[SOURCE INFORMATION Boundary: Start]

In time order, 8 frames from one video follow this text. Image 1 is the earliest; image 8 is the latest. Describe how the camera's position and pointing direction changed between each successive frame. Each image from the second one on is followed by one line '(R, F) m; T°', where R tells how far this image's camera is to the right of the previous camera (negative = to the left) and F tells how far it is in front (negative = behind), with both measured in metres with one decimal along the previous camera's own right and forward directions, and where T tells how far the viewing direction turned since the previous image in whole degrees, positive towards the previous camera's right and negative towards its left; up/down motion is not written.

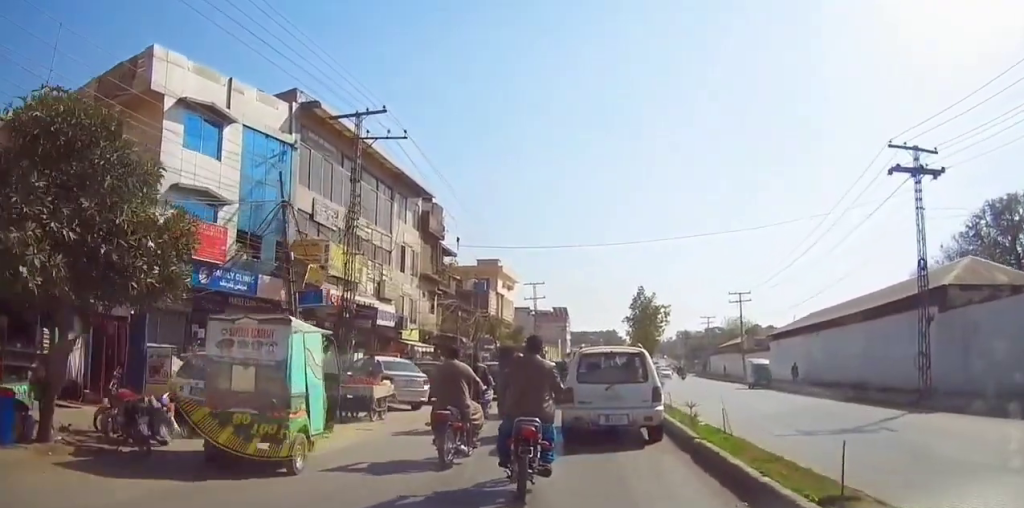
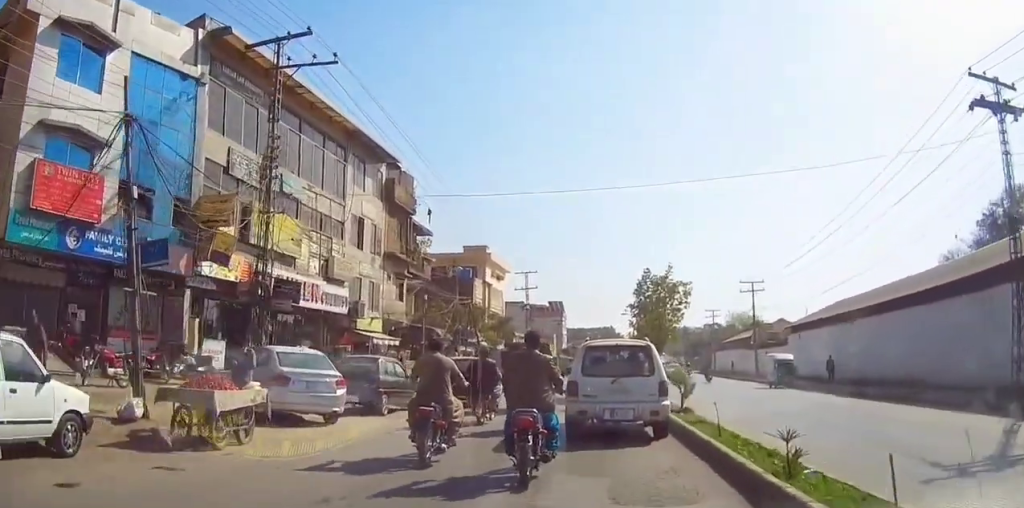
(+0.1, +6.4) m; +3°
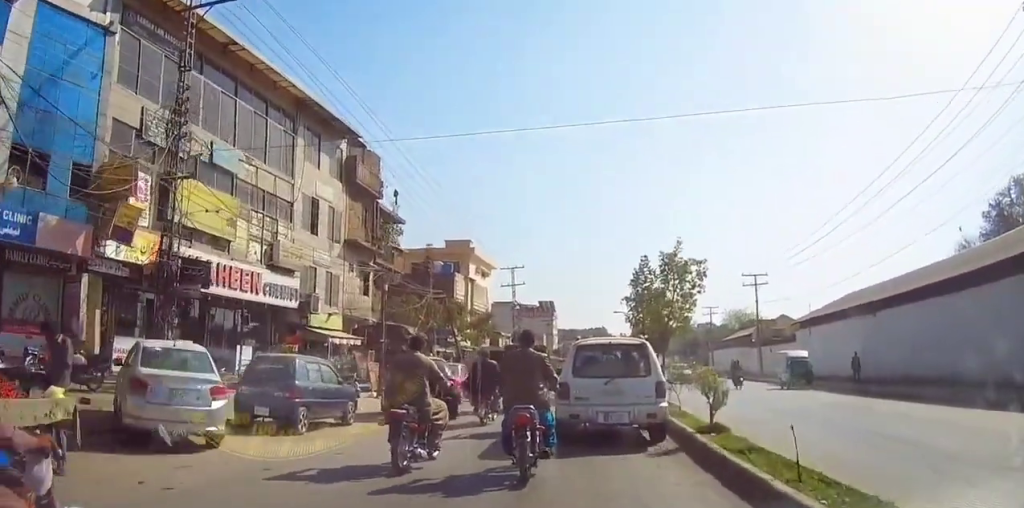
(+0.1, +4.3) m; 0°
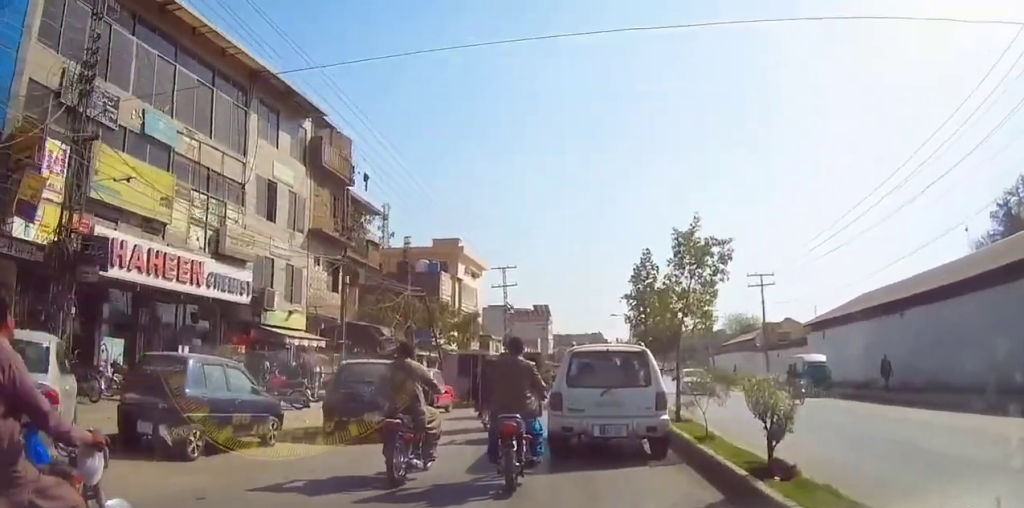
(0.0, +3.4) m; -1°
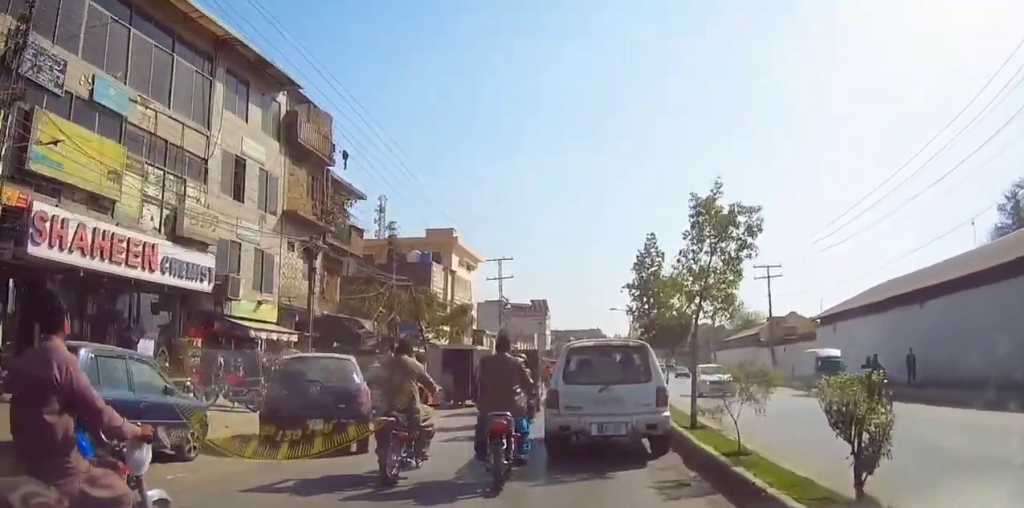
(0.0, +2.4) m; 0°
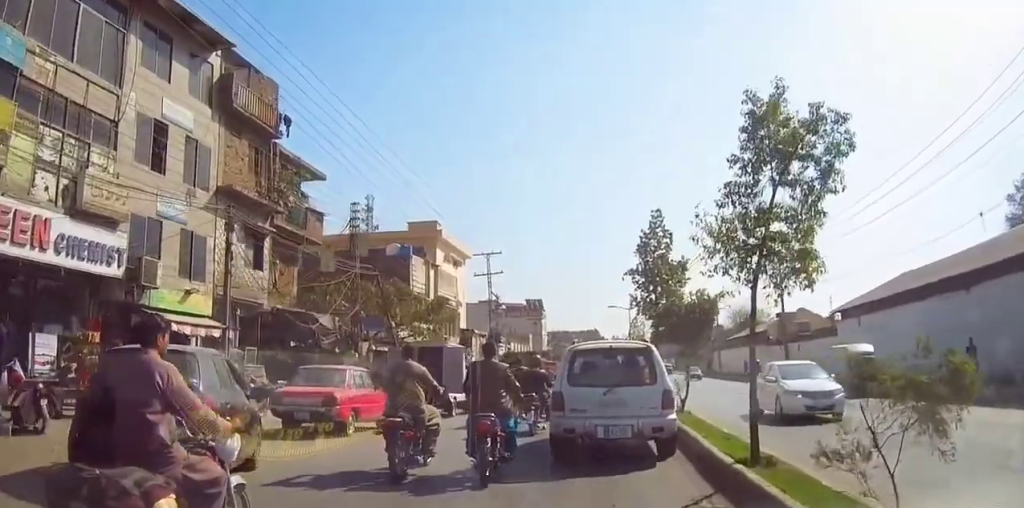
(0.0, +4.3) m; +1°
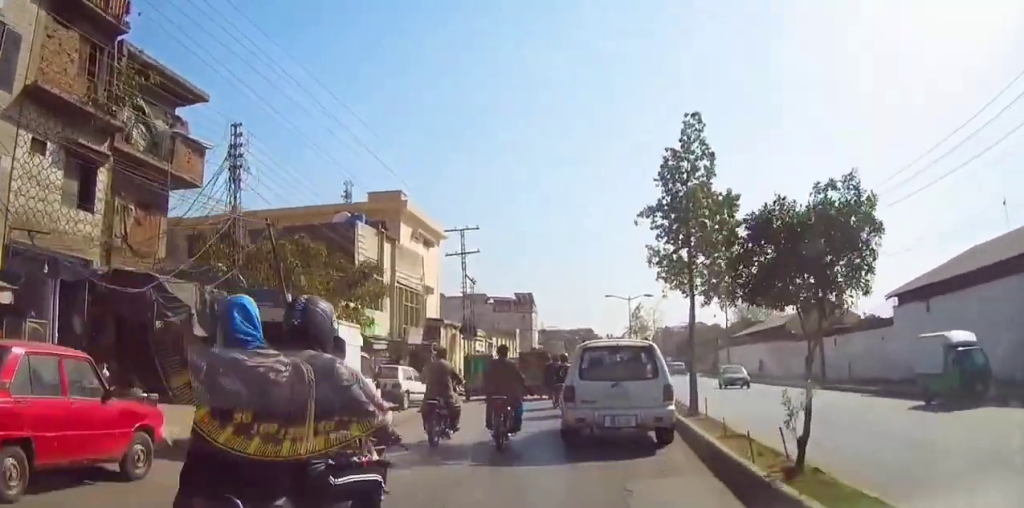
(0.0, +8.9) m; 0°
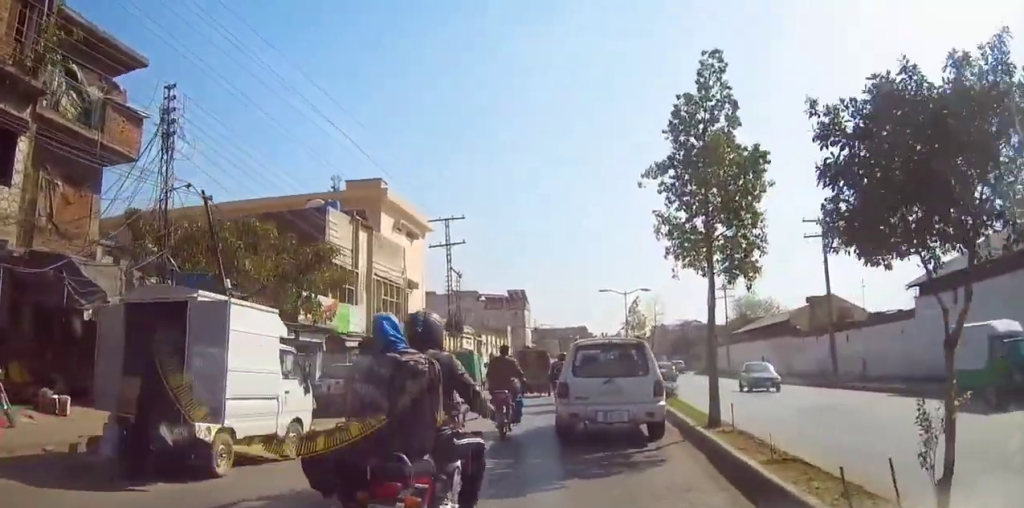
(0.0, +2.9) m; +1°

[SOURCE INFORMATION Boundary: End]

_TASK DIRECTIONS_:
Write every record out again exactly; no pictures belong in the copy.

_RESULT FOR THIS EXERCISE_:
In time order, 8 frames from one video follow this text. Image 1 is the earliest; image 8 is the latest. Describe how the camera's position and pointing direction changed between each successive frame. Each image from the second one on is followed by one line '(R, F) m; T°', where R tells how far this image's camera is to the right of the previous camera (negative = to the left) and F tells how far it is in front (negative = behind), with both measured in metres with one decimal along the previous camera's own right and forward directions, and where T tells how far the viewing direction turned since the previous image in whole degrees, positive towards the previous camera's right and negative towards its left; up/down motion is not written.

(+0.1, +6.4) m; +3°
(+0.1, +4.3) m; 0°
(0.0, +3.4) m; -1°
(0.0, +2.4) m; 0°
(0.0, +4.3) m; +1°
(0.0, +8.9) m; 0°
(0.0, +2.9) m; +1°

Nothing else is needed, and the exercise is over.